Detecting anomalies from monitoring data is vital to industrial maintenance. We provide widely-used anomaly detection benchmarks: SMD, MSL, SMAP, SWaT, PSM, covering service monitoring, space & earth exploration, and water treatment applications.
- Data source: https://github.com/NetManAIOps/OmniAnomaly/tree/master/ServerMachineDataset
- Data brief introduction: SMD (Server Machine Dataset is a 5-week-long dataset that is collected from a large Internet company with 38 dimensions.

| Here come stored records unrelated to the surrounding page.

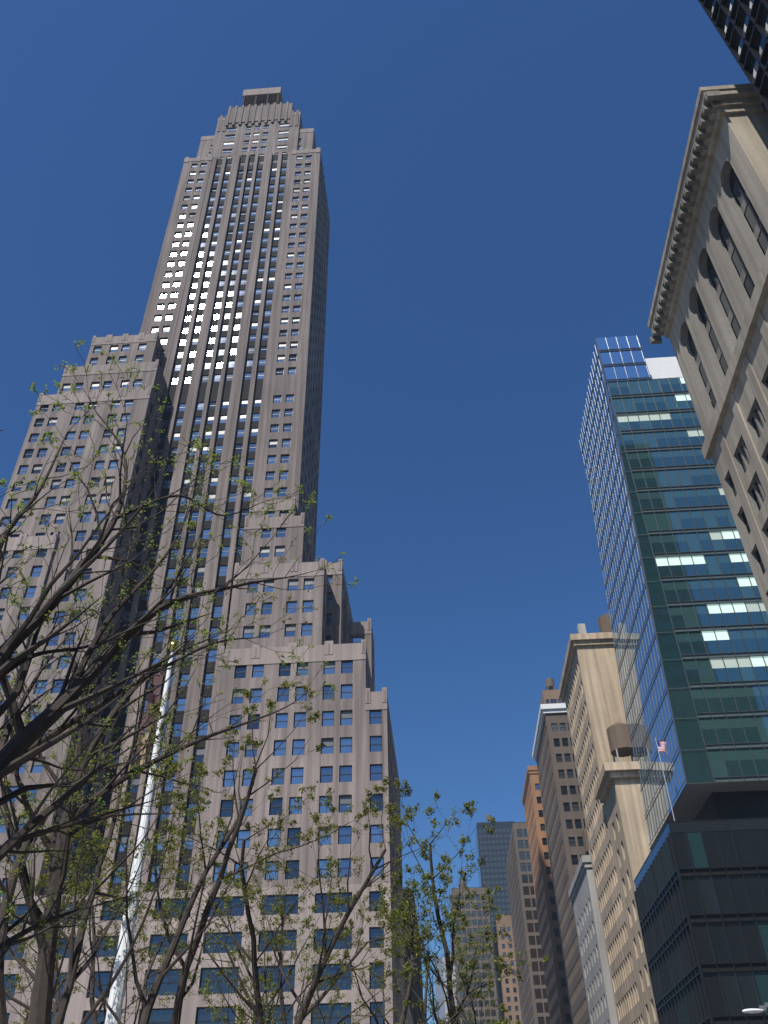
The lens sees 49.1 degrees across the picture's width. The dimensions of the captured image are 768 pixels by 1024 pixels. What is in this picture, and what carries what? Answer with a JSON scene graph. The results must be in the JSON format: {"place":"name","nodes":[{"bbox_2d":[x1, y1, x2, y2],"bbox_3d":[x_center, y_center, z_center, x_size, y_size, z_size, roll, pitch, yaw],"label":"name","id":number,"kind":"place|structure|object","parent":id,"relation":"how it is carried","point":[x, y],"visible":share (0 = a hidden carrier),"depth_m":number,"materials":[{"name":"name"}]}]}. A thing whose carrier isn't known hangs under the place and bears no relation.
{"place":"outdoors","nodes":[
{"label":"outdoors","id":0,"kind":"place"},
{"bbox_2d":[0,339,358,959],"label":"tree","id":1,"kind":"object","parent":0,"point":[23,745],"visible":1,"depth_m":9.63,"materials":[{"name":"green plant"}]},
{"bbox_2d":[0,0,749,1023],"label":"sky","id":2,"kind":"structure","parent":0,"point":[501,177],"materials":[{"name":"blue"}]},
{"bbox_2d":[434,957,444,1022],"bbox_3d":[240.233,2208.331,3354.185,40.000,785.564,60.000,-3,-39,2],"label":"building","id":3,"kind":"structure","parent":0,"point":[440,996],"depth_m":3487.32,"materials":[{"name":"grey concrete"}]},
{"bbox_2d":[418,957,521,1023],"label":"street tree","id":4,"kind":"object","parent":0,"point":[504,1010],"visible":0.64,"depth_m":38.00,"materials":[{"name":"green plant"}]},
{"bbox_2d":[558,614,644,1023],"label":"building","id":5,"kind":"structure","parent":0,"point":[589,693],"depth_m":134.93,"materials":[{"name":"beige stone"}]},
{"bbox_2d":[594,722,658,1023],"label":"building","id":6,"kind":"structure","parent":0,"point":[617,791],"depth_m":115.76,"materials":[{"name":"beige stone"}]},
{"bbox_2d":[742,1003,767,1013],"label":"street light","id":7,"kind":"object","parent":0,"point":[762,1008],"visible":1,"depth_m":46.84,"materials":[{"name":"silver metal"}]},
{"label":"terrain","id":8,"kind":"structure","parent":0,"visible":0},
{"bbox_2d":[5,755,178,1023],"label":"tree","id":9,"kind":"object","parent":8,"relation":"on","point":[55,990],"visible":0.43,"depth_m":20.61,"materials":[{"name":"green plant"}]},
{"bbox_2d":[6,830,199,1023],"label":"tree","id":10,"kind":"object","parent":8,"relation":"on","point":[94,1016],"visible":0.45,"depth_m":23.76,"materials":[{"name":"green plant"}]},
{"bbox_2d":[4,843,203,1023],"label":"tree","id":11,"kind":"object","parent":8,"relation":"on","point":[57,996],"visible":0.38,"depth_m":24.48,"materials":[{"name":"green plant"}]},
{"bbox_2d":[0,698,268,1023],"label":"tree","id":12,"kind":"object","parent":8,"relation":"on","point":[60,1009],"visible":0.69,"depth_m":14.83,"materials":[{"name":"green plant"}]},
{"bbox_2d":[105,641,177,1023],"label":"flagpole","id":13,"kind":"object","parent":8,"relation":"on","point":[116,996],"depth_m":23.41,"materials":[{"name":"white painted metal"},{"name":"gold"}]},
{"bbox_2d":[43,726,289,1023],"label":"tree","id":14,"kind":"object","parent":8,"relation":"on","point":[148,1004],"visible":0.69,"depth_m":17.24,"materials":[{"name":"green plant"}]},
{"bbox_2d":[0,583,337,1023],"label":"tree","id":15,"kind":"object","parent":8,"relation":"on","point":[41,1007],"visible":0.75,"depth_m":11.55,"materials":[{"name":"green plant"}]},
{"bbox_2d":[0,87,406,1023],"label":"skyscraper","id":16,"kind":"structure","parent":8,"relation":"on","point":[226,343],"depth_m":123.56,"materials":[{"name":"limestone"},{"name":"glass"}]},
{"bbox_2d":[5,678,403,1023],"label":"tree","id":17,"kind":"object","parent":8,"relation":"on","point":[181,992],"visible":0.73,"depth_m":17.45,"materials":[{"name":"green plant"}]},
{"bbox_2d":[152,781,355,1023],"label":"tree","id":18,"kind":"object","parent":8,"relation":"on","point":[258,1011],"visible":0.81,"depth_m":20.41,"materials":[{"name":"green plant"}]},
{"bbox_2d":[177,869,342,1023],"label":"tree","id":19,"kind":"object","parent":8,"relation":"on","point":[237,1008],"visible":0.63,"depth_m":28.38,"materials":[{"name":"green plant"}]},
{"bbox_2d":[157,848,369,1023],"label":"tree","id":20,"kind":"object","parent":8,"relation":"on","point":[335,989],"visible":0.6,"depth_m":27.83,"materials":[{"name":"green plant"}]},
{"bbox_2d":[201,880,431,1023],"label":"tree","id":21,"kind":"object","parent":8,"relation":"on","point":[322,996],"visible":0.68,"depth_m":26.06,"materials":[{"name":"green plant"}]},
{"bbox_2d":[223,785,459,1023],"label":"tree","id":22,"kind":"object","parent":8,"relation":"on","point":[304,1006],"visible":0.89,"depth_m":20.37,"materials":[{"name":"green plant"}]},
{"bbox_2d":[245,859,549,1023],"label":"tree","id":23,"kind":"object","parent":8,"relation":"on","point":[410,976],"visible":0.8,"depth_m":24.32,"materials":[{"name":"green plant"}]},
{"bbox_2d":[406,1006,413,1023],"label":"building","id":24,"kind":"structure","parent":8,"relation":"on","point":[409,1019],"depth_m":116.75,"materials":[{"name":"grey stone"}]},
{"bbox_2d":[403,888,423,1023],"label":"building","id":25,"kind":"structure","parent":8,"relation":"on","point":[416,1011],"depth_m":156.78,"materials":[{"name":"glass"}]},
{"bbox_2d":[372,920,494,1023],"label":"tree","id":26,"kind":"object","parent":8,"relation":"on","point":[425,1018],"visible":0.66,"depth_m":32.18,"materials":[{"name":"green plant"}]},
{"bbox_2d":[374,776,523,1023],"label":"street tree","id":27,"kind":"object","parent":8,"relation":"on","point":[451,1003],"visible":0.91,"depth_m":27.38,"materials":[{"name":"green plant"}]},
{"bbox_2d":[442,951,458,1023],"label":"grey building","id":28,"kind":"structure","parent":8,"relation":"on","point":[445,978],"depth_m":672.16,"materials":[{"name":"concrete"}]},
{"bbox_2d":[451,881,498,1023],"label":"building","id":29,"kind":"structure","parent":8,"relation":"on","point":[475,919],"depth_m":386.34,"materials":[{"name":"concrete"}]},
{"bbox_2d":[475,814,514,937],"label":"skyscraper","id":30,"kind":"structure","parent":8,"relation":"on","point":[494,847],"depth_m":575.40,"materials":[{"name":"grey glass"}]},
{"bbox_2d":[492,915,521,1023],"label":"building","id":31,"kind":"structure","parent":8,"relation":"on","point":[507,990],"depth_m":385.91,"materials":[{"name":"brown brick"}]},
{"bbox_2d":[506,822,549,1023],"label":"skyscraper","id":32,"kind":"structure","parent":8,"relation":"on","point":[534,1008],"depth_m":268.12,"materials":[{"name":"brown concrete"}]},
{"bbox_2d":[522,766,571,1023],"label":"orange brick tower","id":33,"kind":"structure","parent":8,"relation":"on","point":[556,986],"depth_m":208.60,"materials":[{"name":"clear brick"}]},
{"bbox_2d":[537,678,564,720],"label":"building","id":34,"kind":"structure","parent":8,"relation":"on","point":[549,695],"depth_m":356.96,"materials":[{"name":"brick"}]},
{"bbox_2d":[532,703,589,1023],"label":"building","id":35,"kind":"structure","parent":8,"relation":"on","point":[554,759],"depth_m":176.53,"materials":[{"name":"beige stone"}]},
{"bbox_2d":[568,830,617,1023],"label":"grey stone building","id":36,"kind":"structure","parent":8,"relation":"on","point":[582,893],"depth_m":144.15,"materials":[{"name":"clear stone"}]},
{"bbox_2d":[579,335,767,1023],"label":"glass office building","id":37,"kind":"structure","parent":8,"relation":"on","point":[688,615],"depth_m":105.87,"materials":[{"name":"teal glass"}]},
{"bbox_2d":[647,83,767,614],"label":"building","id":38,"kind":"structure","parent":8,"relation":"on","point":[708,316],"depth_m":66.49,"materials":[{"name":"beige stone"}]},
{"bbox_2d":[698,0,767,109],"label":"skyscraper","id":39,"kind":"structure","parent":8,"relation":"on","point":[741,26],"depth_m":59.68,"materials":[{"name":"black glass"}]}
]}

- Dataset names: smd_train, smd_test.
- Data source: https://raw.githubusercontent.com/khundman/telemanom/master/labeled_anomalies.csv
- Data brief introduction: SMAP is from NASA with 25 dimensions, which contain the telemetry anomaly data derived from the Incident Surprise Anomaly (ISA) reports of spacecraft monitoring systems.
- Dataset names: smap_train, smap_test.
- Data source: https://s3-us-west-2.amazonaws.com/telemanom/data.zip
- Data brief introduction: MSL (Mars Science Laboratory) is from NASA with 55 dimensions, which contain the telemetry anomaly data derived from the Incident Surprise Anomaly (ISA) reports of spacecraft monitoring systems.

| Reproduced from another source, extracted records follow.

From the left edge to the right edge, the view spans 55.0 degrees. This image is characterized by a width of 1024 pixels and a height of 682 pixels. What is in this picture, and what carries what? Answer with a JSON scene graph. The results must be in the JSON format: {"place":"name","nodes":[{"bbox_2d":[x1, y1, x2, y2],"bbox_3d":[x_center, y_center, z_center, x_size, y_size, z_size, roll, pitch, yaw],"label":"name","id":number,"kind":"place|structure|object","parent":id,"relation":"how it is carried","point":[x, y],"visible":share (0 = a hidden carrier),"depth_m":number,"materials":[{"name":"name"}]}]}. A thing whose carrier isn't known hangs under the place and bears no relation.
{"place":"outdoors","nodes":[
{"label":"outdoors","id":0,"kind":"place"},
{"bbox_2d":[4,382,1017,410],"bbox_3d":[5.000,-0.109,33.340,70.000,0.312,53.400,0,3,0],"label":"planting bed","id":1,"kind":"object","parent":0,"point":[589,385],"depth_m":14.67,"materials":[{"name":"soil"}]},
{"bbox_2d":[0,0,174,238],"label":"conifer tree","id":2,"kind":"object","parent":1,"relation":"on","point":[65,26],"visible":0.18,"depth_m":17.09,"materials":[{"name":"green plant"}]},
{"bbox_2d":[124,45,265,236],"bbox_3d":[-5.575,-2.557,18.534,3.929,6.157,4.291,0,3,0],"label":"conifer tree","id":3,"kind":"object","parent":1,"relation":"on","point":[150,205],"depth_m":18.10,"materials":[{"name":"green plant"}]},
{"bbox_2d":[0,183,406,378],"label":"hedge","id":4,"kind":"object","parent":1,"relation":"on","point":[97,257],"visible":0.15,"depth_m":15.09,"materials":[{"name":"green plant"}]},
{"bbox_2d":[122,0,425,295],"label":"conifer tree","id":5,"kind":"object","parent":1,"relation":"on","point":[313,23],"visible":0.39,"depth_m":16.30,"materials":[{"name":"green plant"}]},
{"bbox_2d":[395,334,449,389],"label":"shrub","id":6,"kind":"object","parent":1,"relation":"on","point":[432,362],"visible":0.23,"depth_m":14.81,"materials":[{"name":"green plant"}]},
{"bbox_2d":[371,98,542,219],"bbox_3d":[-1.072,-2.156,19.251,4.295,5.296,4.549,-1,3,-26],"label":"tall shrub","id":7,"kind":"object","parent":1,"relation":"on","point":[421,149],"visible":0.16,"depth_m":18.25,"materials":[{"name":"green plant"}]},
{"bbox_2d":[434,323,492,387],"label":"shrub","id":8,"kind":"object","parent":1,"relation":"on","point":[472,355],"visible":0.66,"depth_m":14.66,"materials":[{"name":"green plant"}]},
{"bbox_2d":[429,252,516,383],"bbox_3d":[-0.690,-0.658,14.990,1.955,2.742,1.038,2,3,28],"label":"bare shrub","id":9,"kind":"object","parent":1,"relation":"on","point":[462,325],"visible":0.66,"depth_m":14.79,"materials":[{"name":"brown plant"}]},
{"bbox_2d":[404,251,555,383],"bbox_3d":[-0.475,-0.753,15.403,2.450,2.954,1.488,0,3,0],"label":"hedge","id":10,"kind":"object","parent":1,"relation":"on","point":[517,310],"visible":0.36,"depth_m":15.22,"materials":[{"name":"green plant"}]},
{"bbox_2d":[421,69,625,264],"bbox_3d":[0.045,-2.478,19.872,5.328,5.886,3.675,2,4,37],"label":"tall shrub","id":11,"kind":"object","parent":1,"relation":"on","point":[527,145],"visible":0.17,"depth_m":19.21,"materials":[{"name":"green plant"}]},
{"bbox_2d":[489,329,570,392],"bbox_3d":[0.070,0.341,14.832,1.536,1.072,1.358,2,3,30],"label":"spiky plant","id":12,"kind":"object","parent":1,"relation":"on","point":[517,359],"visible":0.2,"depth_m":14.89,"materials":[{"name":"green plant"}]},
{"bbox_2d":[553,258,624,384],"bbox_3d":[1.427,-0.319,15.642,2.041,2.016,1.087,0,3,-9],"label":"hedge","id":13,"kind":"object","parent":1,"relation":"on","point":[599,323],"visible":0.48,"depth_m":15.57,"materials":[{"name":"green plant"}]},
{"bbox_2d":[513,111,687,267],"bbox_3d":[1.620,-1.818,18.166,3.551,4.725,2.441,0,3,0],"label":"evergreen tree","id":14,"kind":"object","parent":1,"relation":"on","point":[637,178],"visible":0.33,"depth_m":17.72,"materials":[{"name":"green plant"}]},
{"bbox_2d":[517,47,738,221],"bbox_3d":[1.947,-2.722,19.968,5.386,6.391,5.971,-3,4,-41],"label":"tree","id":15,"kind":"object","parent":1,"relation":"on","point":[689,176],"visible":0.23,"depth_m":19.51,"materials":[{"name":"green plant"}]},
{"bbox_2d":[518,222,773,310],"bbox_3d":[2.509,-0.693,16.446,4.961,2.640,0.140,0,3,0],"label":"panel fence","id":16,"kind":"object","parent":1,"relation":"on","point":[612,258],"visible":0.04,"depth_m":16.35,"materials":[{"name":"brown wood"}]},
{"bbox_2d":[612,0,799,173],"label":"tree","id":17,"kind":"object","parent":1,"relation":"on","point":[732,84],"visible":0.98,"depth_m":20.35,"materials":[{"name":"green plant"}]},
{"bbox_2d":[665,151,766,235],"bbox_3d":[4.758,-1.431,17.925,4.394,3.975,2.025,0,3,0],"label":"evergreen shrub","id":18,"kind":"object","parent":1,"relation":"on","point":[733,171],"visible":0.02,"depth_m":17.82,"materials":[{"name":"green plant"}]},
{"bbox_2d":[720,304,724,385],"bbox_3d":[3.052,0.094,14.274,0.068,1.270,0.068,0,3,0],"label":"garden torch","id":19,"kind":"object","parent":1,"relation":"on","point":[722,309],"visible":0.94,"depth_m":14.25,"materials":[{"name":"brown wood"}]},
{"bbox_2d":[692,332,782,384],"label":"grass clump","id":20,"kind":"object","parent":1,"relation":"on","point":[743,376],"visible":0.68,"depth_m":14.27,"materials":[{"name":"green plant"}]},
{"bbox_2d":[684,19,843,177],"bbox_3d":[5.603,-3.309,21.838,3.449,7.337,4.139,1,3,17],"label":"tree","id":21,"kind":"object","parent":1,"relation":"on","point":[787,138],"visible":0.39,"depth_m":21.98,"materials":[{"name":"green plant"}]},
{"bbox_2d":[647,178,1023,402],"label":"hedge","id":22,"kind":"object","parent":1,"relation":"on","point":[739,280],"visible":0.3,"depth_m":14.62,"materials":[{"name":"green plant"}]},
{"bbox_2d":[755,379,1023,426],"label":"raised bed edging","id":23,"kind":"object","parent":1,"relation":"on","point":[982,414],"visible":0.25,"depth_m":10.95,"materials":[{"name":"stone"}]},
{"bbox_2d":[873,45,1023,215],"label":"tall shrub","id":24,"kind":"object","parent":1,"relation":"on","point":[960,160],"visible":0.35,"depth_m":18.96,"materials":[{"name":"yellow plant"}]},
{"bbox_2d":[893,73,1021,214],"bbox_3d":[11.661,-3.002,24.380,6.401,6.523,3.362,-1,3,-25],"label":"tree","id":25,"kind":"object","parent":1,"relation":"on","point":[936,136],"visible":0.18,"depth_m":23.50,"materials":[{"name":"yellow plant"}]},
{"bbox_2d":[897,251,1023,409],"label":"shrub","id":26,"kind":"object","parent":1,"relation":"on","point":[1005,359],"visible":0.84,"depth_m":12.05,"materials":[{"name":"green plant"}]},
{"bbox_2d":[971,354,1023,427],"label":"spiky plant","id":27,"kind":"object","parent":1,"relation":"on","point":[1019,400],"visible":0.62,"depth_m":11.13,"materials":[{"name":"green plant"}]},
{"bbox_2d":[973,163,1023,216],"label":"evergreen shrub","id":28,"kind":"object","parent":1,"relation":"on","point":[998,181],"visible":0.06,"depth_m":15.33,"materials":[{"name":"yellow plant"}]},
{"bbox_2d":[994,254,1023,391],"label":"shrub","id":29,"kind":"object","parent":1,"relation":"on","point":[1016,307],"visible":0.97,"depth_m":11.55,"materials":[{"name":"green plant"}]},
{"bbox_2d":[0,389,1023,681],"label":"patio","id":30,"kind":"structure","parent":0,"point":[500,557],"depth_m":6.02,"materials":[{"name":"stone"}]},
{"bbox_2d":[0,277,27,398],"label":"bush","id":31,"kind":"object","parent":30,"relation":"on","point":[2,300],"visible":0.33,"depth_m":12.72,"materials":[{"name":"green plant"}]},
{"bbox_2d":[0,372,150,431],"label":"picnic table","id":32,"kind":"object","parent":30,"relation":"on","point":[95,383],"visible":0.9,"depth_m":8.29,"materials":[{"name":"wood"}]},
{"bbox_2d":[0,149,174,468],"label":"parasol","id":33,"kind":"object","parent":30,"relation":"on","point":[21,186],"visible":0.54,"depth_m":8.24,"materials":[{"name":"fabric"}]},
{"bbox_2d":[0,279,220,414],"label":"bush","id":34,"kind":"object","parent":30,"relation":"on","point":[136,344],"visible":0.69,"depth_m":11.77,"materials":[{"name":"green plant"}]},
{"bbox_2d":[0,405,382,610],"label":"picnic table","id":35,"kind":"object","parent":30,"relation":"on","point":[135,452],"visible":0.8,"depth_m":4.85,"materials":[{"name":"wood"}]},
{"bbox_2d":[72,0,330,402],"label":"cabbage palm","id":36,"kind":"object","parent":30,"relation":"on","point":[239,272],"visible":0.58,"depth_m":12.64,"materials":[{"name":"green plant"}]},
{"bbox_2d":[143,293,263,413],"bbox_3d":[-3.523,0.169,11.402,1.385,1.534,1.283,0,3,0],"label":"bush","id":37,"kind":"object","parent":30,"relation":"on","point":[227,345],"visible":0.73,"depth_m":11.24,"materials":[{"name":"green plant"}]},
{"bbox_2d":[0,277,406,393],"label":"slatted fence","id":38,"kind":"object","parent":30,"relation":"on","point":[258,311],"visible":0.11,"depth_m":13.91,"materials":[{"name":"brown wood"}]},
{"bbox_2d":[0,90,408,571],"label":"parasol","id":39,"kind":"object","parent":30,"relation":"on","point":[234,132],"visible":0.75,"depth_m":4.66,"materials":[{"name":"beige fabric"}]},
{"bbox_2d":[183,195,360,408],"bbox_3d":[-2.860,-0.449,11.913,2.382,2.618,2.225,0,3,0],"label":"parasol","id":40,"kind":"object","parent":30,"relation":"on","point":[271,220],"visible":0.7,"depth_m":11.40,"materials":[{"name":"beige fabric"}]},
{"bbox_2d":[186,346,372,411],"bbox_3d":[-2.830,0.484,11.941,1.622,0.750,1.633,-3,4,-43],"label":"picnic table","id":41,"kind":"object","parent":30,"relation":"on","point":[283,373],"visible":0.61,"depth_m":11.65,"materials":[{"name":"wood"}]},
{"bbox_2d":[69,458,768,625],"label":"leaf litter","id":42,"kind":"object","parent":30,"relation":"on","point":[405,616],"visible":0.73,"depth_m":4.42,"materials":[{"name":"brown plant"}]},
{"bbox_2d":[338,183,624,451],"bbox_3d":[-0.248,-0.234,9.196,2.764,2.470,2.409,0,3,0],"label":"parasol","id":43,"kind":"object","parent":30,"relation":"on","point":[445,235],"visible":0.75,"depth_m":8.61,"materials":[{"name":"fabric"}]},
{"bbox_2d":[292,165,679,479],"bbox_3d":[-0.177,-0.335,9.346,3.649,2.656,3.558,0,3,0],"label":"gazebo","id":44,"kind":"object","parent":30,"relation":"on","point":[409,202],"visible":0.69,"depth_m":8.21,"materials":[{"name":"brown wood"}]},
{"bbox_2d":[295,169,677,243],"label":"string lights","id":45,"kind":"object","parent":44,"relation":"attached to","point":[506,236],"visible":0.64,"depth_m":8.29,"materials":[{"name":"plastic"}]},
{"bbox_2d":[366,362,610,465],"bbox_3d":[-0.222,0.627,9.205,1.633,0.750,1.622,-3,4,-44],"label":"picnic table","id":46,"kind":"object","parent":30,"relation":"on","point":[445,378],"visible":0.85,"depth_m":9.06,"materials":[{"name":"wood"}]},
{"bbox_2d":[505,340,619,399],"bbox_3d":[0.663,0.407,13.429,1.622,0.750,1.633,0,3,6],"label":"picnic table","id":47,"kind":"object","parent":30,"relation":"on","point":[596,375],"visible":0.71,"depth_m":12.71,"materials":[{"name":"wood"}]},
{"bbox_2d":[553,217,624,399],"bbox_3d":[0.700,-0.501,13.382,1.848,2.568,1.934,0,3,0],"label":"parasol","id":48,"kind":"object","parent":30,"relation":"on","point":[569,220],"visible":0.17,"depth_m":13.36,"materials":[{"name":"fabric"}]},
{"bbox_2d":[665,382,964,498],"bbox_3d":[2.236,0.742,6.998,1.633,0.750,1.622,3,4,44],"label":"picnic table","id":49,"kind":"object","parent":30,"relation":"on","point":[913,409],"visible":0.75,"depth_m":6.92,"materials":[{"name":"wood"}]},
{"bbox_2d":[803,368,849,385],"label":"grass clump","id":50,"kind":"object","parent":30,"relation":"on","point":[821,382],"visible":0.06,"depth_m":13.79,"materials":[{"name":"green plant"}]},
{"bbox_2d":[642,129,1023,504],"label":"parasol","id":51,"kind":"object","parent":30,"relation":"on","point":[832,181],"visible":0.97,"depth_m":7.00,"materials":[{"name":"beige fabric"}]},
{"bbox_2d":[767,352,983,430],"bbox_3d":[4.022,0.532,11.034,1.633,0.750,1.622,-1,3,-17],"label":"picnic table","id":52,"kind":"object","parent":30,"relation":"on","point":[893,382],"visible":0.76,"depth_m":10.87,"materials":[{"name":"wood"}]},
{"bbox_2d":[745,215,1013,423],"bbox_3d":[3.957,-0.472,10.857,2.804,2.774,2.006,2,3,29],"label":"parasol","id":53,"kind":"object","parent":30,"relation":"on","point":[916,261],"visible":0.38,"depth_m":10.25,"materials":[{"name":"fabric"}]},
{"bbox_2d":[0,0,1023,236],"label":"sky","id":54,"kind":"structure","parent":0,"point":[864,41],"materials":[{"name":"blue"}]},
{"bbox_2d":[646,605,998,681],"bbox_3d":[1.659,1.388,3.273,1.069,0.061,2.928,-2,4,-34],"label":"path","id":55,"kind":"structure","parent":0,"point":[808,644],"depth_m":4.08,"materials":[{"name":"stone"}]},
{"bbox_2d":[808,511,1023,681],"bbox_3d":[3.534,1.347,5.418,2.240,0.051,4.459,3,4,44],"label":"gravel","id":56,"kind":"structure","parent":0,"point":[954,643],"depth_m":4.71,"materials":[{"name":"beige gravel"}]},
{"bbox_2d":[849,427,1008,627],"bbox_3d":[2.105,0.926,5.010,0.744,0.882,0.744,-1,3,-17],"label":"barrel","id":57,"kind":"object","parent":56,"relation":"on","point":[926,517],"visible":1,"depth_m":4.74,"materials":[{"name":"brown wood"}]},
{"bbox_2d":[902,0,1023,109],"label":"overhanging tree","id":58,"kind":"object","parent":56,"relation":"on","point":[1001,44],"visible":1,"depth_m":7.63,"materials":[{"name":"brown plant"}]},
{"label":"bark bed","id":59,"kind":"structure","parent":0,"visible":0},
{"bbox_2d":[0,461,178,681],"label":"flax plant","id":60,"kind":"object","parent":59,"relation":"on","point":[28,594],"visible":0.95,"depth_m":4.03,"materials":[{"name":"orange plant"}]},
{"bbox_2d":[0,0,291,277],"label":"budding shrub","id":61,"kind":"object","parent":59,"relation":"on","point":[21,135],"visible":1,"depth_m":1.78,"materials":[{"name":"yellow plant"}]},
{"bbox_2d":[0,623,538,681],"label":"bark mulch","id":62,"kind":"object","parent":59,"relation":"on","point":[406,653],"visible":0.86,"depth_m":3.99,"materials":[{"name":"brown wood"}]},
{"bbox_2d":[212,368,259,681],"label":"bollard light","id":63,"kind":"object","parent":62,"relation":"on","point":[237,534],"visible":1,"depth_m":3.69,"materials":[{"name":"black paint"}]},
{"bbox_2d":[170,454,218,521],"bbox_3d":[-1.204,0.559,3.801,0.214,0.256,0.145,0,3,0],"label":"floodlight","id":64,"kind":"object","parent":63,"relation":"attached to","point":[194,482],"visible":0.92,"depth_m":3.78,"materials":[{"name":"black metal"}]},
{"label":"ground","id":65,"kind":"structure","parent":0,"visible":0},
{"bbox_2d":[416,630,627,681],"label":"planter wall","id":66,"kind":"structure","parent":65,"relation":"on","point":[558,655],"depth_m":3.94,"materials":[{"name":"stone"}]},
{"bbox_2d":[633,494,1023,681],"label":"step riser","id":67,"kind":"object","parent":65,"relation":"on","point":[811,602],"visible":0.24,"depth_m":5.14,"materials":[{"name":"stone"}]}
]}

- Dataset names: msl_train, msl_test.
- Data source: https://itrust.sutd.edu.sg/itrust-labs_datasets/dataset_info
- Data brief introduction: ) SWaT(Secure Water Treatment) is obtained from 51 sensors of the critical infrastructure system under continuous operations.
- Dataset names: swat_train, swat_test.
- Data source: https://cloud.tsinghua.edu.cn/d/9605612594f0423f891e/files/?p=%2FPSM%2Ftrain.csv
- Data brief introduction: PSM (Pooled Server Metrics) is collected internally from multiple application server nodes at eBay with 26 dimensions.
- Dataset names: psm_train, psm_test.
- Data source: https://github.com/numenta/NAB
- Data brief introduction: The Numenta Anomaly Benchmark (NAB) provides streaming data to research anomaly detection algorithms. NAB_TEMP is the temperature dataset.
- Dataset names: NAB_TEMP
- Data source: https://www.timeseriesclassification.com/index.php
- Data brief introduction: UEA Time Series Classification dataset includes 10 multivariate datasets, covering the gesture, action and audio recognition, medical diagnosis by heartbeat monitoring and other practical tasks.
- Dataset names: EthanolConcentration_Train, EthanolConcentration_Test, FaceDetection_Train, FaceDetection_Test, Handwriting_Train, Handwriting_Test, Heartbeat_Train, Heartbeat_Test, JapaneseVowels_Train, JapaneseVowels_Test, PEMSSF_Train, PEMSSF_Test, SelfRegulationSCP1_Train, SelfRegulationSCP1_Test, SelfRegulationSCP2_Train, SelfRegulationSCP2_Test, SpokenArabicDigits_Train, SpokenArabicDigits_Test, UWaveGestureLibrary_Train, UWaveGestureLibrary_Test.
- Data source: https://timeseriesclassification.com/description.php?Dataset=BasicMotions
- Data brief introduction: The data was generated as part of a student project where four students performed four activities whilst wearing a smart watch. here are classes: walking, resting, running and badminton. Participants were required to record motion a total of five times, and the data is sampled once every tenth of a second, for a ten second period.
- Dataset names: BasicMotions_Train, BasicMotions_Test.